As the last skeleton fell to dust under the heavy boots of the Infernal Wardens, the people of Winterfell looked out from the walls. They saw their lords, their maesters, and their new 'monstrous' pets standing victorious. The fear was gone. The North was no longer a victim; it was a fortress.

The battle was over, leaving the snow outside Winterfell's gates littered with piles of splintered bone and the tattered, foul-smelling robes of the fallen Liches. While the soldiers began the grim task of clearing the field, Philips stood in the center of the carnage, his eyes scanning the remains with a clinical intensity that made the nearby men shiver.

"Listen to me!" Philips shouted, his voice cutting through the heavy breathing of the tired men. "Do not burn the remains yet. I need you to harvest them. Bring me the skulls of the Walking Skeletons and the desiccated rib-cages of the Liches. I need them intact. We shall call them... trophies."

The Northern soldiers stopped in their tracks. Silence fell over the yard as hardened warriors and weary rangers exchanged bewildered glances.

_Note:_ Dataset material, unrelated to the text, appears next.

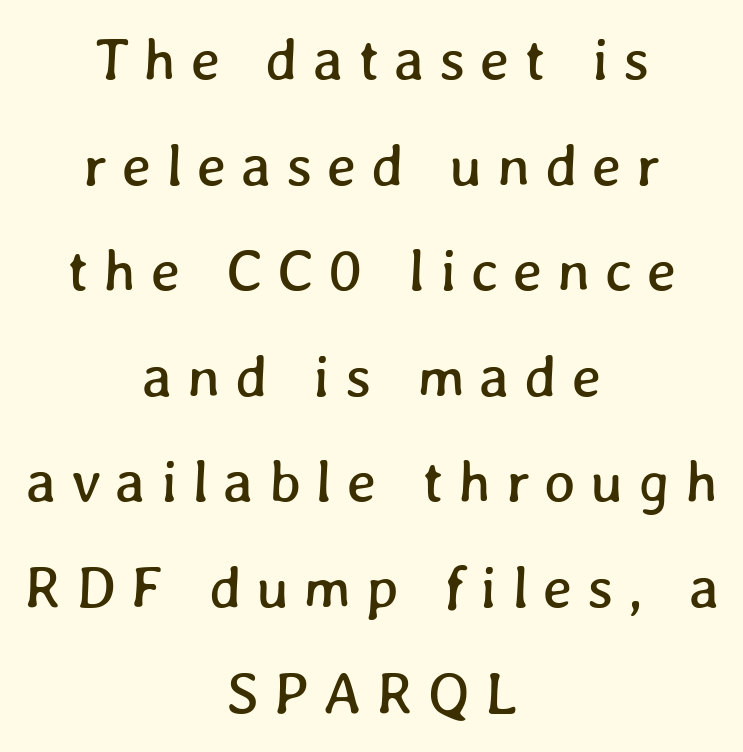
Letters rest on an invisible, unmarked baseline. Typeset on center — no edge is straight. The type is letterspaced generously, with wide tracking. Note the varied advance widths — an 'i' is clearly narrower than an 'm'.
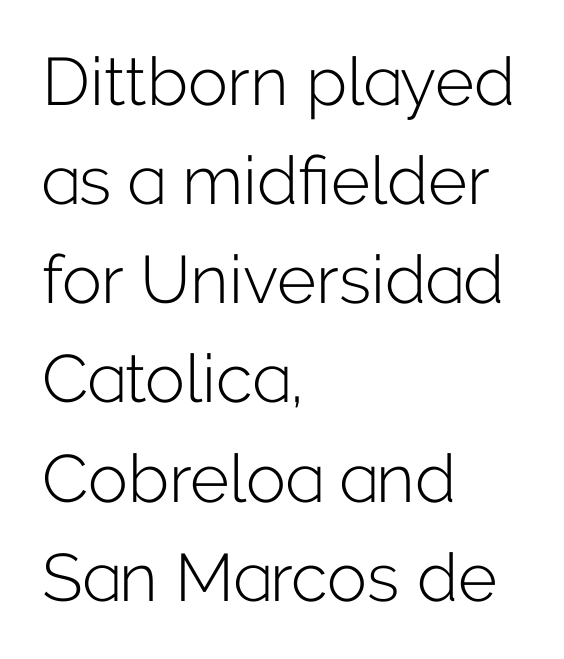
Leftover space on each line is placed entirely after the last word. Line spacing here is normal. This rendering features lettering with no underline. Proportional: the letters do not fall into vertical columns. What kind of face is this? One without serifs — a sans.

"Trophies?" a young Karstark soldier muttered, scratching his head with a blood-stained gauntlet. "Lad, we usually just toss 'em in a pit so they don't get back up. What do you want with a bag of rattling bones?"

Ned Stark walked over, his breath misting in the freezing air, his Infernal Warden armor still humming with Beelzebub's heavy resonance. He looked at a pile of shattered rib-cages and then back at Philips.

"Philips," Ned said, his voice low and cautious. "My men are soldiers, not bone-collectors. Why do you need the remains of these abominations? To keep them as macabre prizes?"

Philips looked at the Lord of Winterfell, a faint, weary smile on his face. "In the world of the Abyss—where the true war is fought—nothing is wasted, Lord Stark. We don't keep them for pride. We keep them for power."

He gestured toward the smithy where the Northern smiths were already waiting. "I need to craft the Trophy of Death. It's another of Bisith the Mage's designs. He discovered that the lingering essence of the 'Greater Undead' can be bound into a physical object. If we combine a Skeleton or Lich Trophy with Iron and Owl Bone, we create a relic of the Grave."

"What does a 'Trophy of Death' do?" Maester Luwin asked, clutching his Occult Staff of Bisith with newfound reverence.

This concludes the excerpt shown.